Much effort has been devoted to studying millennial-scale variability in the high-latitude North Atlantic, and Leg 177 sediments now allow us to extend these studies to the South Atlantic sector of the Southern Ocean. At Site 1089, radiolarian-based estimates of SSST indicate very large millennial-scale changes in SSST during MIS 3 and MIS 4 that are almost as great as those observed at Terminations I and II. Millennial-scale variability in the delivery of IRD, consisting mostly of quartz and ash, were found to coincide across the Polar Front from Sites 1089 (41°S) to Site 1094 (53°S) during MIS 3. South Atlantic IRD peaks are associated with times of warming (interstadials) and increased NADW production in the North Atlantic, suggesting an antiphase relationship between these regions. The linking mechanism may have been sea level rise associated with melting of the Laurentide Ice Sheet during strong interstadial events that unpinned grounded Antarctic ice shelves, releasing armadas of icebergs to the South Atlantic.

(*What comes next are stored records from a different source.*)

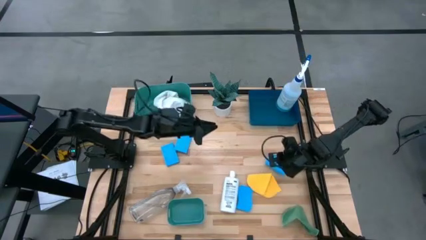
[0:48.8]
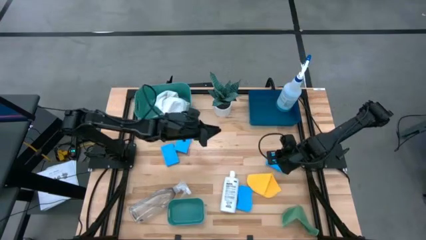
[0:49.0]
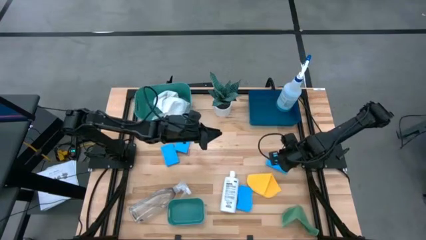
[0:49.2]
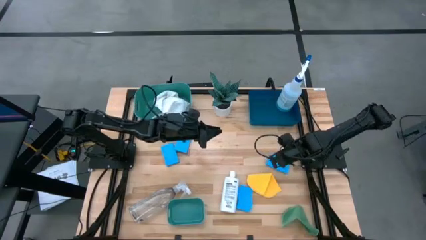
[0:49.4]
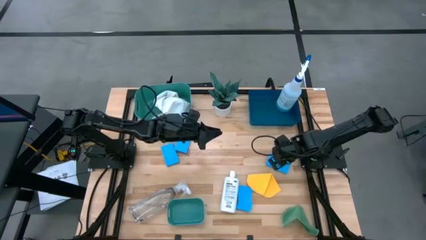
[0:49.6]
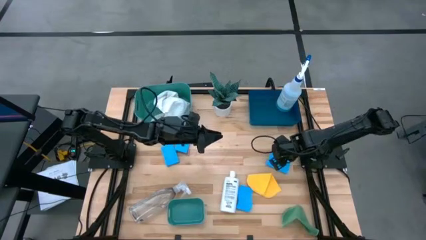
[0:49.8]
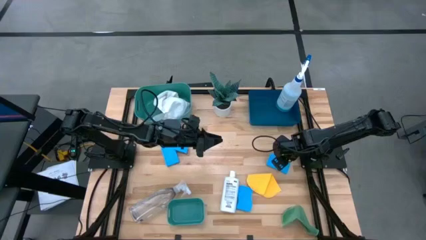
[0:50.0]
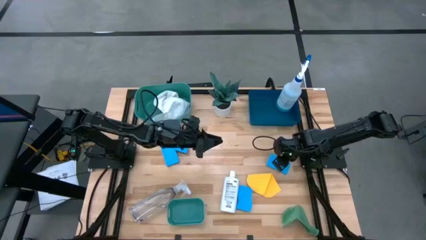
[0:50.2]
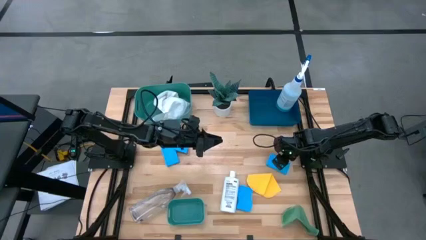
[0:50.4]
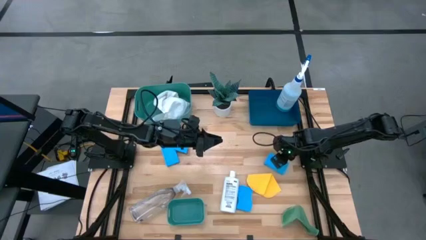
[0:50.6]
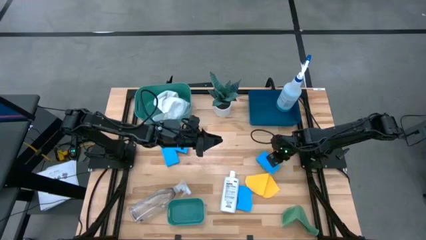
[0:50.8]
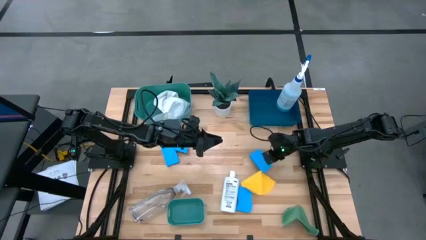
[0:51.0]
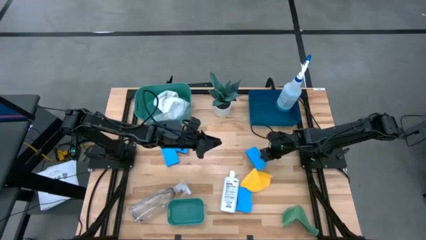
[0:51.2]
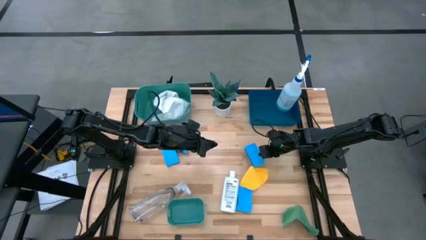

Millennial-scale variability in SSST and IRD was not limited to the last glacial period. At Site 1094, sub-Milankovitch variability in IRD occurred during glacial periods for the past 1 m.y., with a pacing similar to that of the last glacial period. Over the last four climate cycles, the early part of each interglacial period was marked by low IRD abundance during hypsithermal conditions, followed by the cooling and the resumption of IRD delivery during the onset of neoglaciations.